COMP8210/COMP7210 Big Data Technologies
Code -COMP8210/COMP7210 assignment help
Subject- Big Data Technologies assignment help
Background. Social data analytics have become a vital asset for organizations and governments. For example,
over the last few years, governments started to extract knowledge and derive insights from vastly growing
open/social data to personalize the advertisements in elections, improve government services, predict
intelligence activities, as well as to improve national security and public health. A key challenge in analyzing
social data is to transform the raw data generated by social actors into curated data, i.e., contextualized data
and knowledge that is maintained and made available for use by end-users and applications.

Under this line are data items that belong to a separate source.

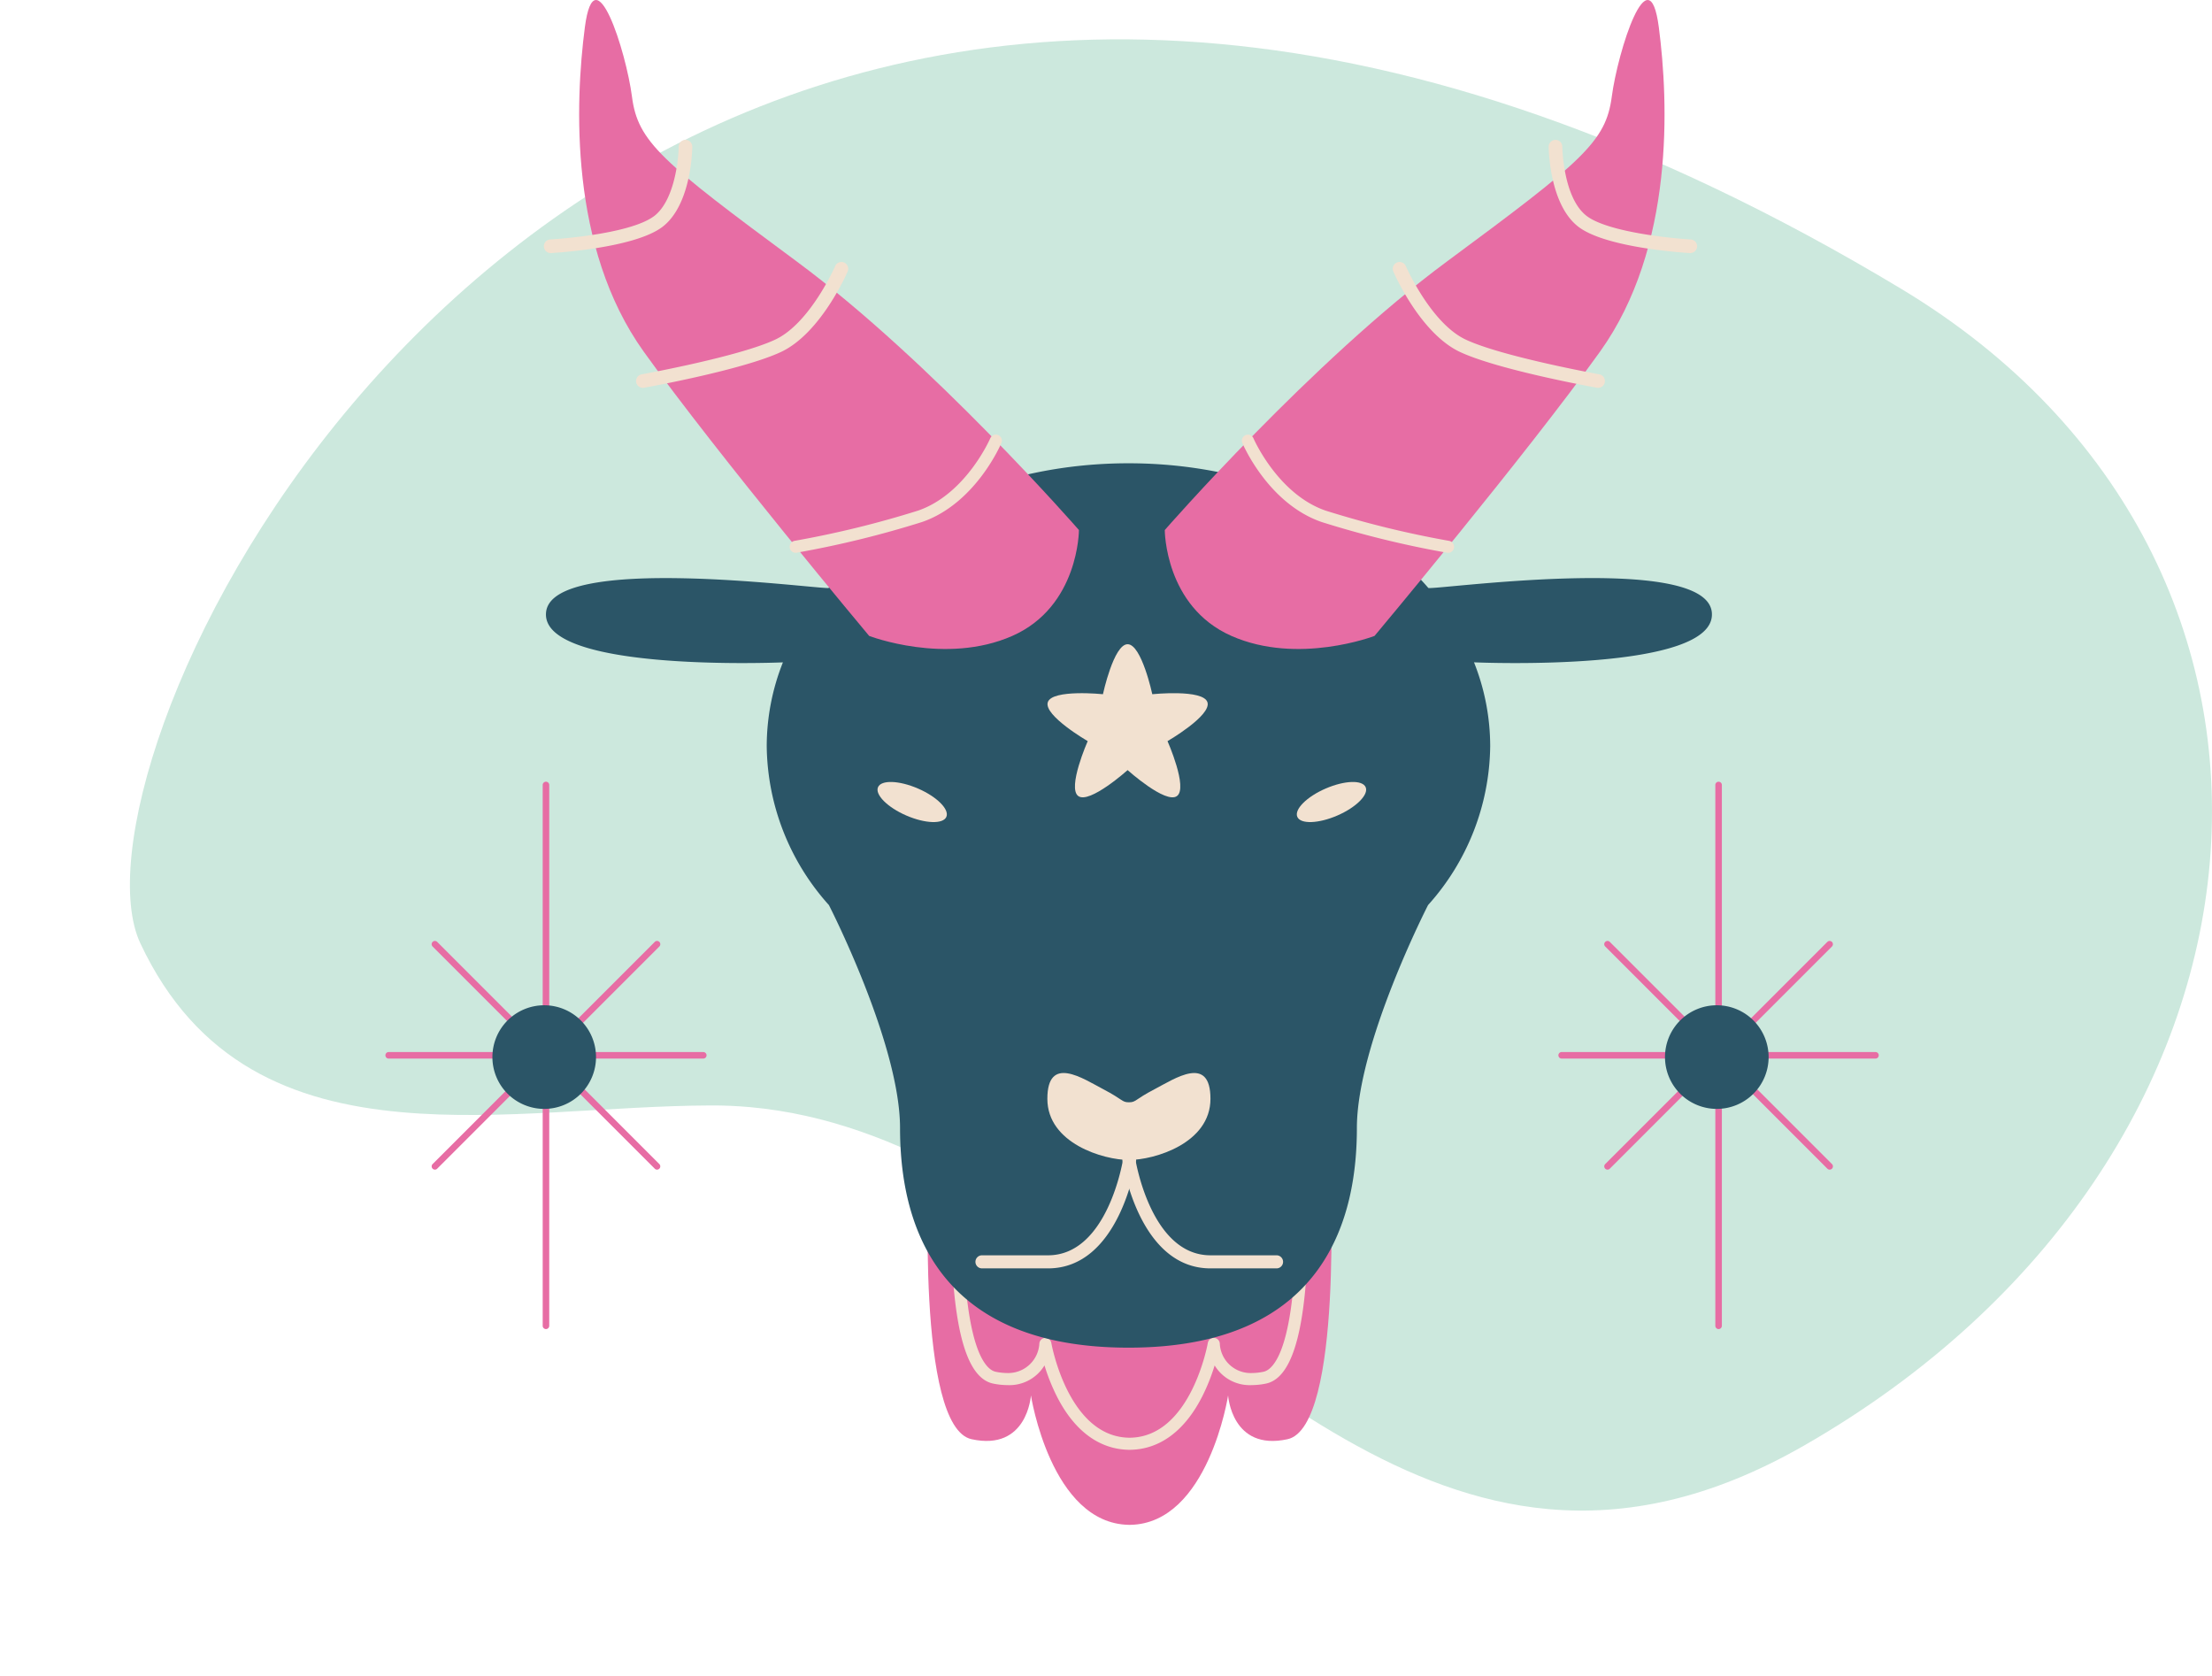 <svg xmlns="http://www.w3.org/2000/svg" xmlns:xlink="http://www.w3.org/1999/xlink" width="175.531" height="133.008" viewBox="0 0 175.531 133.008">
  <defs>
    <clipPath id="clip-path">
      <rect id="Rectángulo_548" data-name="Rectángulo 548" width="175.531" height="133.008" fill="none"/>
    </clipPath>
  </defs>
  <g id="capricornio" transform="translate(0 0)">
    <g id="Grupo_399" data-name="Grupo 399" transform="translate(0 0)" clip-path="url(#clip-path)">
      <path id="Trazado_2334" data-name="Trazado 2334" d="M86.44,1.455c15.873,1.438,33.927,7.283,54.142,19.448C176.51,42.531,172.5,89.98,132.8,112.7c-7.414,4.242-14.074,5.569-20.266,5.01-11.391-1.033-21.193-8.459-31.158-15.9s-20.1-14.9-32.157-15.991c-1.028-.091-2.07-.14-3.126-.134-7.941.023-16.673,1.25-24.563.533-8.623-.779-16.236-3.88-20.7-13.4C-5.378,59.6,23.359-4.263,86.44,1.455" transform="translate(10.307 2.027)" fill="#cce8dd"/>
      <path id="Trazado_2335" data-name="Trazado 2335" d="M54.362,53.876c-4.436.97-4.716-3.475-4.716-3.475s-1.569,10.171-7.774,10.27h-.091C35.576,60.571,34,50.4,34,50.4s-.277,4.445-4.713,3.475-3.378-21.323-3.378-21.323L41.827,44.709,57.74,32.553S58.8,52.906,54.362,53.876" transform="translate(47.809 60.318)" fill="#e76da4"/>
      <path id="Trazado_2336" data-name="Trazado 2336" d="M40.635,55.027h-.049c-2.368-.034-4.348-1.5-5.74-4.251a15.673,15.673,0,0,1-.976-2.445,3.252,3.252,0,0,1-2.938,1.563,5.767,5.767,0,0,1-1.113-.117c-1.84-.362-2.9-3.289-3.252-8.944a77.178,77.178,0,0,1-.02-8,.481.481,0,0,1,.75-.368l13.326,9.189,13.323-9.189a.481.481,0,0,1,.75.368,77.179,77.179,0,0,1-.02,8c-.348,5.654-1.412,8.582-3.252,8.944a5.745,5.745,0,0,1-1.113.117,3.252,3.252,0,0,1-2.938-1.563,15.676,15.676,0,0,1-.976,2.445c-1.392,2.747-3.372,4.217-5.729,4.251Zm-.014-.959h.04c4.833-.071,6.159-7.446,6.171-7.523a.479.479,0,0,1,.95.049,2.452,2.452,0,0,0,2.531,2.342,4.76,4.76,0,0,0,.927-.1c.6-.117,2.054-1.141,2.479-8.054.174-2.839.111-5.66.06-7.032L40.9,42.634a.476.476,0,0,1-.545,0L27.466,33.75c-.051,1.372-.114,4.194.06,7.032.428,6.913,1.874,7.937,2.479,8.054a4.76,4.76,0,0,0,.927.1,2.475,2.475,0,0,0,2.531-2.342.479.479,0,0,1,.95-.046c.011.074,1.338,7.449,6.177,7.52h.031" transform="translate(49.014 60.008)" fill="#f2e1d0"/>
      <path id="Trazado_2337" data-name="Trazado 2337" d="M28.629,46.621h0" transform="translate(52.941 86.385)" fill="#e76da4"/>
      <path id="Trazado_2338" data-name="Trazado 2338" d="M28.609,46.621h0" transform="translate(52.904 86.385)" fill="#e76da4"/>
      <path id="Trazado_2339" data-name="Trazado 2339" d="M88.831,28.677a17.988,17.988,0,0,1,1.284,6.664,19.143,19.143,0,0,1-4.93,12.593S79.536,58.94,79.536,65.628,77.359,83.053,61.411,83.053,43.284,72.318,43.284,65.628c0-6.636-5.557-17.523-5.646-17.694a19.146,19.146,0,0,1-4.933-12.593,18.031,18.031,0,0,1,1.284-6.662c-1.278.051-19.246.682-18.795-3.968.454-4.673,20.955-1.9,22.418-1.929,5.158-5.971,13.894-9.9,23.8-9.9s18.632,3.923,23.79,9.888l0,0c.194.228,22.03-2.884,22.5,1.94.465,4.8-18.684,3.974-18.866,3.966" transform="translate(28.138 23.877)" fill="#2b5567"/>
      <path id="Trazado_2340" data-name="Trazado 2340" d="M49.045,50.456s-6.068,2.334-11.357,0-5.289-8.4-5.289-8.4S44.066,28.674,54.8,20.74,67.4,11.251,67.871,7.671s2.956-11.477,3.734-5.506S72.849,19.65,66.938,27.9,49.045,50.456,49.045,50.456" transform="translate(60.03 0.001)" fill="#e76da4"/>
      <path id="Trazado_2341" data-name="Trazado 2341" d="M41.534,22.161c.257.591-.75,1.6-2.245,2.248s-2.921.7-3.178.108.75-1.6,2.248-2.248,2.919-.7,3.175-.108" transform="translate(66.836 40.298)" fill="#f2e1d0"/>
      <path id="Trazado_2342" data-name="Trazado 2342" d="M42.076,31.889c0,3.535-4.451,4.853-6.47,4.853s-6.473-1.318-6.473-4.853,2.841-1.595,4.436-.762,1.464,1.038,2.037,1.038.439-.208,2.034-1.038,4.436-2.773,4.436.762" transform="translate(53.979 55.296)" fill="#f2e1d0"/>
      <path id="Trazado_2343" data-name="Trazado 2343" d="M43.451,41.2H38.207c-5.62,0-6.93-8.179-6.981-8.527a.517.517,0,1,1,1.021-.157c.011.077,1.227,7.646,5.96,7.646h5.244a.519.519,0,0,1,0,1.038" transform="translate(57.847 59.44)" fill="#f2e1d0"/>
      <path id="Trazado_2344" data-name="Trazado 2344" d="M32.892,41.2H27.651a.519.519,0,0,1,0-1.038h5.241c4.742,0,5.948-7.569,5.96-7.643a.518.518,0,1,1,1.024.154c-.051.348-1.361,8.527-6.984,8.527" transform="translate(50.273 59.44)" fill="#f2e1d0"/>
      <path id="Trazado_2345" data-name="Trazado 2345" d="M50.9,21.464a.407.407,0,0,1-.083-.009,78.6,78.6,0,0,1-9.945-2.436c-4.2-1.452-6.205-6.068-6.288-6.265a.479.479,0,1,1,.882-.374c.026.063,1.94,4.425,5.72,5.734a77.987,77.987,0,0,0,9.8,2.4.48.48,0,0,1-.083.953" transform="translate(64.003 22.4)" fill="#f2e1d0"/>
      <path id="Trazado_2346" data-name="Trazado 2346" d="M55.039,17.275a.582.582,0,0,1-.1-.009c-.32-.057-7.865-1.426-10.875-2.844-3.132-1.472-5.2-6.182-5.281-6.382a.539.539,0,1,1,.99-.428c.02.046,1.991,4.533,4.75,5.831,2.884,1.358,10.53,2.744,10.607,2.759a.541.541,0,0,1-.094,1.073" transform="translate(71.784 13.5)" fill="#f2e1d0"/>
      <path id="Trazado_2347" data-name="Trazado 2347" d="M54.32,12.873h-.031c-.262-.014-6.49-.377-8.776-2.028-2.374-1.72-2.434-6.219-2.436-6.41a.543.543,0,0,1,.536-.545h.006a.54.54,0,0,1,.539.536c0,.043.057,4.145,1.988,5.543,1.683,1.218,6.493,1.729,8.2,1.823a.541.541,0,0,1-.029,1.081" transform="translate(79.818 7.207)" fill="#f2e1d0"/>
      <path id="Trazado_2348" data-name="Trazado 2348" d="M39.122,50.456s6.068,2.334,11.357,0,5.289-8.4,5.289-8.4S44.1,28.674,33.365,20.74,20.764,11.251,20.3,7.671,17.34-3.806,16.561,2.165,15.318,19.65,21.232,27.9,39.122,50.456,39.122,50.456" transform="translate(29.85 0.001)" fill="#e76da4"/>
      <path id="Trazado_2349" data-name="Trazado 2349" d="M24.448,22.161c-.257.591.75,1.6,2.245,2.248s2.921.7,3.178.108-.75-1.6-2.248-2.248-2.919-.7-3.175-.108" transform="translate(45.226 40.298)" fill="#f2e1d0"/>
      <path id="Trazado_2350" data-name="Trazado 2350" d="M22.444,21.464a.48.48,0,0,1-.083-.953,77.988,77.988,0,0,0,9.8-2.4c3.789-1.312,5.7-5.692,5.72-5.737a.483.483,0,0,1,.63-.251.476.476,0,0,1,.251.628c-.083.2-2.091,4.813-6.288,6.265a78.6,78.6,0,0,1-9.945,2.436.407.407,0,0,1-.083.009" transform="translate(40.702 22.4)" fill="#f2e1d0"/>
      <path id="Trazado_2351" data-name="Trazado 2351" d="M18.231,17.275a.541.541,0,0,1-.094-1.073c.077-.014,7.726-1.4,10.607-2.759,2.764-1.3,4.73-5.786,4.75-5.831a.539.539,0,1,1,.99.428c-.086.2-2.148,4.91-5.281,6.382-3.01,1.418-10.556,2.787-10.875,2.844a.582.582,0,0,1-.1.009" transform="translate(32.781 13.5)" fill="#f2e1d0"/>
      <path id="Trazado_2352" data-name="Trazado 2352" d="M15.667,12.873a.541.541,0,0,1-.029-1.081c.06,0,6.174-.357,8.2-1.823,1.606-1.164,1.98-4.4,1.988-5.543a.549.549,0,0,1,.545-.536.543.543,0,0,1,.536.545c0,.191-.063,4.69-2.436,6.41-2.285,1.652-8.513,2.014-8.776,2.028h-.031" transform="translate(28.028 7.207)" fill="#f2e1d0"/>
      <path id="Trazado_2353" data-name="Trazado 2353" d="M35.494,17.917c1.107,0,1.957,3.966,1.957,3.966s4.034-.417,4.376.636-3.167,3.087-3.167,3.087,1.643,3.709.747,4.359-3.914-2.06-3.914-2.06-3.021,2.707-3.914,2.06.747-4.359.747-4.359-3.509-2.037-3.167-3.087,4.376-.636,4.376-.636.853-3.966,1.957-3.966" transform="translate(53.988 33.199)" fill="#f2e1d0"/>
      <path id="Trazado_2354" data-name="Trazado 2354" d="M44.882,44.316a.26.26,0,0,1-.183-.442L62.327,26.246a.258.258,0,0,1,.365.365L45.064,44.239a.253.253,0,0,1-.183.077" transform="translate(82.68 48.489)" fill="#e76da4"/>
      <path id="Trazado_2355" data-name="Trazado 2355" d="M62.512,44.316a.259.259,0,0,1-.185-.077L44.7,26.611a.25.25,0,0,1,0-.365.255.255,0,0,1,.365,0L62.695,43.874a.26.26,0,0,1-.183.442" transform="translate(82.681 48.489)" fill="#e76da4"/>
      <path id="Trazado_2356" data-name="Trazado 2356" d="M68.533,29.778H43.6a.26.26,0,0,1,0-.519H68.533a.26.26,0,0,1,0,.519" transform="translate(80.309 54.215)" fill="#e76da4"/>
      <path id="Trazado_2357" data-name="Trazado 2357" d="M47.972,65.182a.261.261,0,0,1-.26-.26V21.995a.26.26,0,0,1,.519,0V64.922a.261.261,0,0,1-.26.26" transform="translate(88.406 40.274)" fill="#e76da4"/>
      <path id="Trazado_2358" data-name="Trazado 2358" d="M53.331,34.977a4.111,4.111,0,1,1,0-5.814,4.11,4.11,0,0,1,0,5.814" transform="translate(85.811 51.804)" fill="#2b5567"/>
      <path id="Trazado_2359" data-name="Trazado 2359" d="M12.266,44.316a.26.26,0,0,1-.183-.442L29.711,26.246a.258.258,0,0,1,.365.365L12.448,44.239a.253.253,0,0,1-.183.077" transform="translate(22.246 48.489)" fill="#e76da4"/>
      <path id="Trazado_2360" data-name="Trazado 2360" d="M29.894,44.316a.253.253,0,0,1-.183-.077L12.083,26.611a.258.258,0,0,1,.365-.365L30.076,43.874a.26.26,0,0,1-.183.442" transform="translate(22.246 48.489)" fill="#e76da4"/>
      <path id="Trazado_2361" data-name="Trazado 2361" d="M35.917,29.778H10.986a.26.26,0,1,1,0-.519H35.917a.26.26,0,1,1,0,.519" transform="translate(19.874 54.215)" fill="#e76da4"/>
      <path id="Trazado_2362" data-name="Trazado 2362" d="M15.355,65.182a.261.261,0,0,1-.26-.26V21.995a.26.26,0,0,1,.519,0V64.922a.261.261,0,0,1-.26.26" transform="translate(27.97 40.274)" fill="#e76da4"/>
      <path id="Trazado_2363" data-name="Trazado 2363" d="M20.715,34.977a4.111,4.111,0,1,1,0-5.814,4.11,4.11,0,0,1,0,5.814" transform="translate(25.377 51.804)" fill="#2b5567"/>
    </g>
  </g>
</svg>

In this assignment you will explore Big Data Technologies for analysing the data generated on social networks.
Reference. Beheshti et al., "DataSynapse: A Social Data Curation Foundry". Distributed Parallel Databases
37(3): 351-384 (2019). Download: https://doi.org/10.1007/s10619-018-7245-1
Dataset. The Twitter dataset, including 10k tweets, is available on iLearn.
Twitter1 serves many objects as JSON2, including Tweets and Users. These objects all encapsulate core
attributes that describe the object. Each Tweet has an author, a message, a unique ID, a timestamp of when it
was posted, and sometimes geo metadata shared by the user. Each User has a Twitter name, an ID, a number
of followers, and most often an account bio.
With each Tweet, Twitter generates 'entity' objects, which are arrays of common Tweet contents such as
hashtags, mentions, media, and links. If there are links, the JSON payload can also provide metadata such as
the fully unwound URL and the webpage’s title and description.